Wednesday, May 11, 2016



Well, here it is May 9, 2016 and I am still writing #A-to-Z Challenge stuff. For a variety of reasons. First off, in my haste to get all my garbage packed and run off to WPB, I managed to drop my T-40 laptop and break the hard-drive. I can fix that, but I couldn't blog, because my better 2/3 has some weird Apple setup that doesn't allow for any computing. It's merely for entertaining and we watched about a zillion horrible movies (MST3K, anyone) and some other horrible shit and made fun of all of it. We also saw several very good movies, including the two movies about jazz legends Chet Barker and Miles Davis. We swam every day, and he cooked every meal, just about. It was heaven. He's in Germany now, playing jazz with the famous Choral Composer John Rutter and having a great time, drinking some weird beer that tastes good, but smells like baby oil. Pass. I'll see him soon, before the symphony season starts up; then he gets to haul around that giant bull fiddle. Ha ha.

I had hoped to come home and catch up, but, alas, I had no internet. Verizon sold its Florida accounts to Frontier with no warning and Frontier completely boogered everything up. On day 15 of no internet, I got pissed, canceled and went over to Bright House, who gave me a killer deal, with speeds of 100/100, which is awesome. I'll get into the whole night mare later, but in an agreement with Alex Cavanaugh, I am going to continue with the #A-to-Z Challenge, because it was such fun. I expect NOT to be given credit for a finish, but I've had so damn much fun with this, I wanted to do it!

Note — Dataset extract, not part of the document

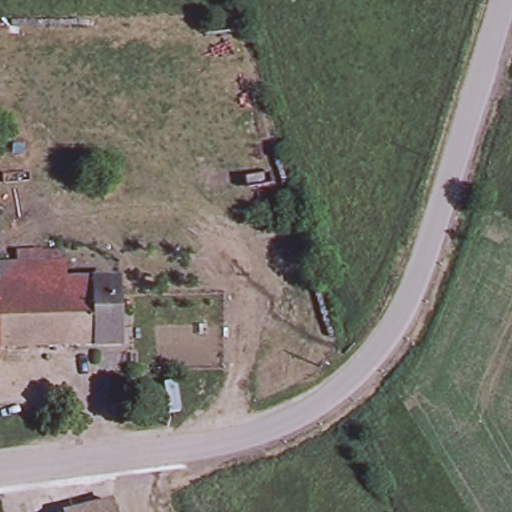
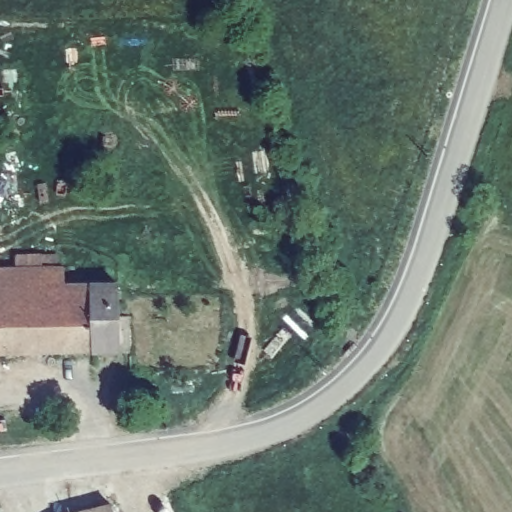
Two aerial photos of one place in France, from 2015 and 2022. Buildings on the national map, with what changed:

Anyway, today's letter is “L” for Litter and being in a hurry, I have invited a “guest post” by myself from an old blog I used to keep called S.I.F.O.T.S, or Shit I Found On The Sidewalks. Once I had all of this tremendous stuff I and several others from the homeless shelter had collected, the question was, what to do with it? My answer? Make shit up. So, I did. No one else was interested in the crappy Interstate shot glass, or the tiny Tonka cranes and trucks, or plastic horses, so I made up stories. Before we get to that, I do have to show you the lovely Mary Kay placard that Alex and I found on the sidewalk, not very long ago. I'm not at all sure what it means, but it's probably not good.

This kind of crap is found on and around Nebraska Avenue all the time. It could be a Santeria spell, or someone got bored. Whatever, it'll haunt you in your dreams!

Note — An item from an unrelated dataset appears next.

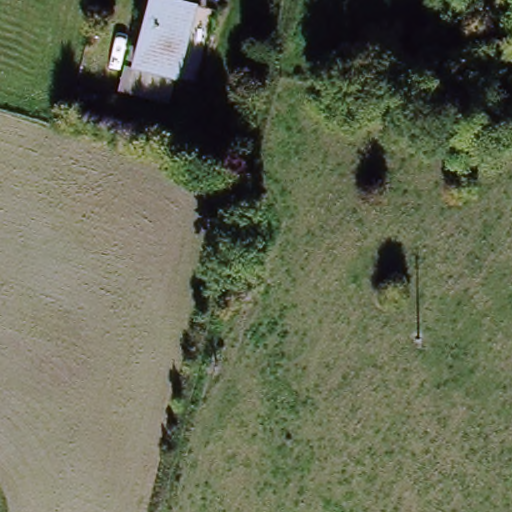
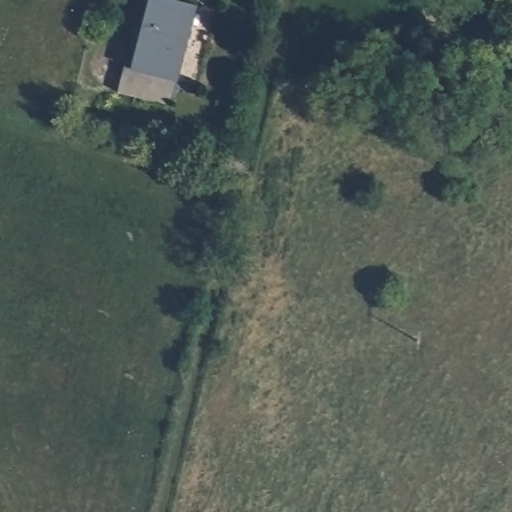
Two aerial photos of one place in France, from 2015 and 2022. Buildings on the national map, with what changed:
unchanged [(162,7),(195,16),(175,88),(142,79),(162,7)]
unchanged [(174,91),(168,114),(115,101),(122,76),(174,91)]

It's a damned shame about "Bertie's Used Cars" on Floribraska Avenue. This was all that was left behind, these battered logos and a purple knee. Even the building was stolen. 

Thus, begins our saga, "SIFOTS Urban Renewal Project"

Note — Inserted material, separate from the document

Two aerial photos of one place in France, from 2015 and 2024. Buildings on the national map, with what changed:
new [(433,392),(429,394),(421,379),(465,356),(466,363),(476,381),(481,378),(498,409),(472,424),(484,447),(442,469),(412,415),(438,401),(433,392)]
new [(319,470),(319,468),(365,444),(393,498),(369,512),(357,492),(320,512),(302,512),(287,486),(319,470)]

Theodore and Junior were heading up the project. Guess you can tell who Junior is...

The construction project to widen and improve the sidewalk began on schedule. It continued apace; SIFOTS urban renewal was becoming a reality, although the equipment was miniaturized briefly, because the picture editor is an idiot.

Theodore moved several ounces of SIFOTS, while Junior took a break. The SIFOTS urban renewal project was still moving along with breath-taking rapidity.


                                                                                                                                 Here's Junior, slacking. It's his 15th break in the last 2 hours.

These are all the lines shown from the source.